[Start of Attachment]
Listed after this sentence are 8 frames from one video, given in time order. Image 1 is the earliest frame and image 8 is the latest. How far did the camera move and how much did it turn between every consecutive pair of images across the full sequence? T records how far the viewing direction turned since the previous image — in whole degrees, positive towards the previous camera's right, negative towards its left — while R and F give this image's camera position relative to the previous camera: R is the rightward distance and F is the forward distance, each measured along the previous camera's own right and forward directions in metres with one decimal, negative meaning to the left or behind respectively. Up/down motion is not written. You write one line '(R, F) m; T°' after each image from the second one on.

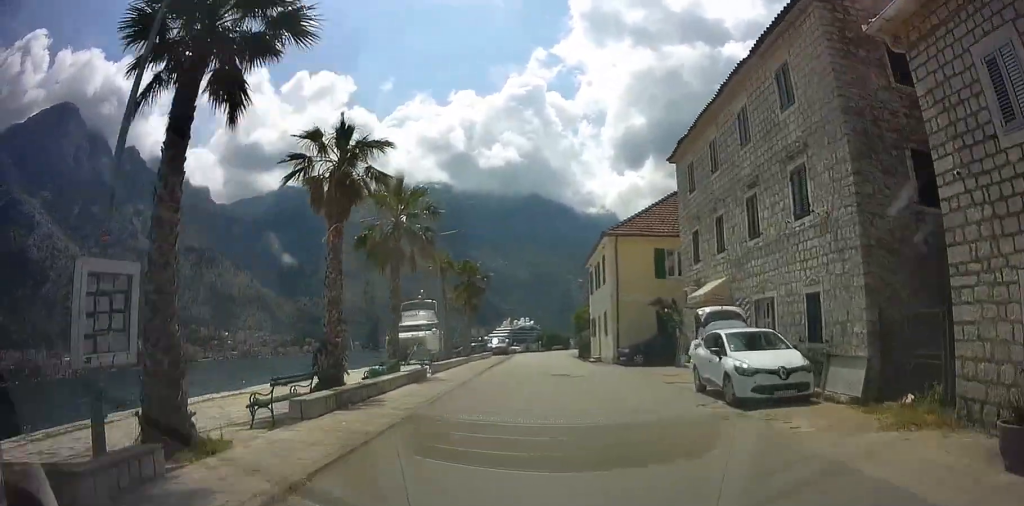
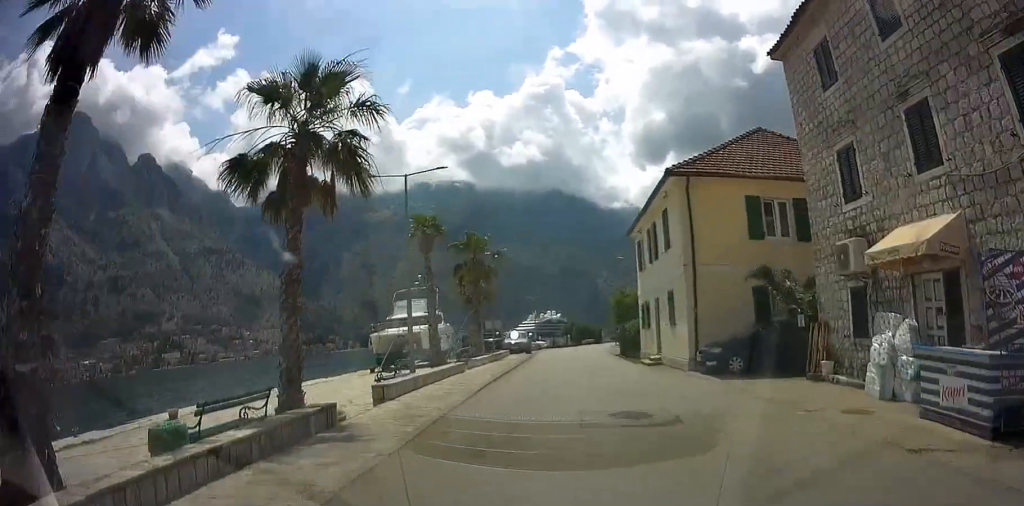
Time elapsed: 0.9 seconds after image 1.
(-0.7, +10.0) m; -2°
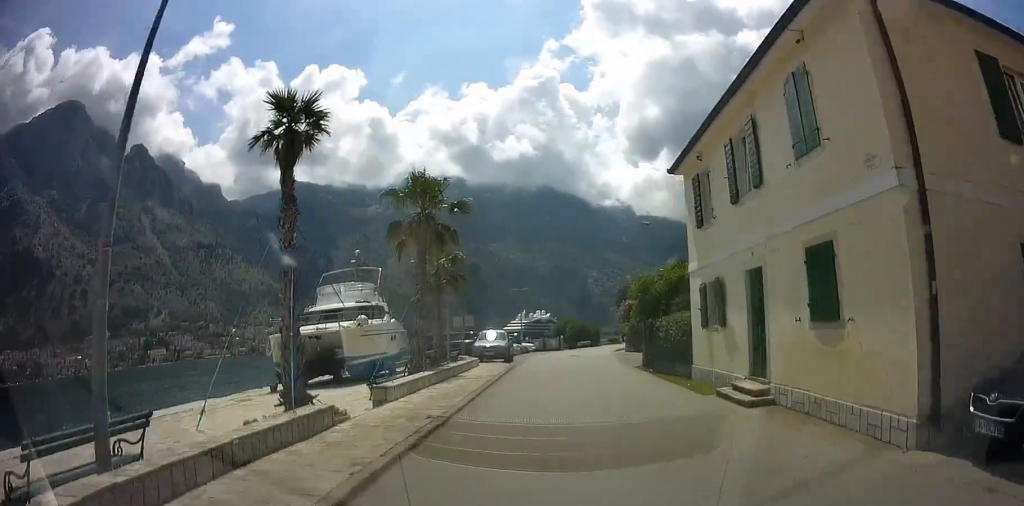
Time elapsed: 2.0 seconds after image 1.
(+0.3, +11.8) m; +2°
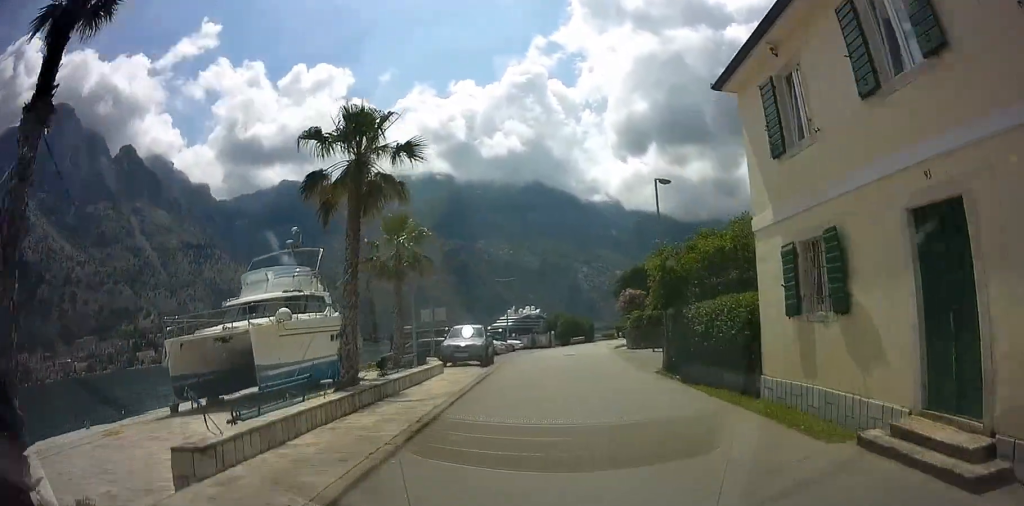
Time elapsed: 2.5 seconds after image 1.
[End of Attachment]
Task brief: Exact copy required, pictures excluded: the lines from the one holding "Time elapsed: 0.9 seconds after image 1." through the last line of the data, both ends included.

Written solution:
Time elapsed: 0.9 seconds after image 1.
(-0.7, +10.0) m; -2°
Time elapsed: 2.0 seconds after image 1.
(+0.3, +11.8) m; +2°
Time elapsed: 2.5 seconds after image 1.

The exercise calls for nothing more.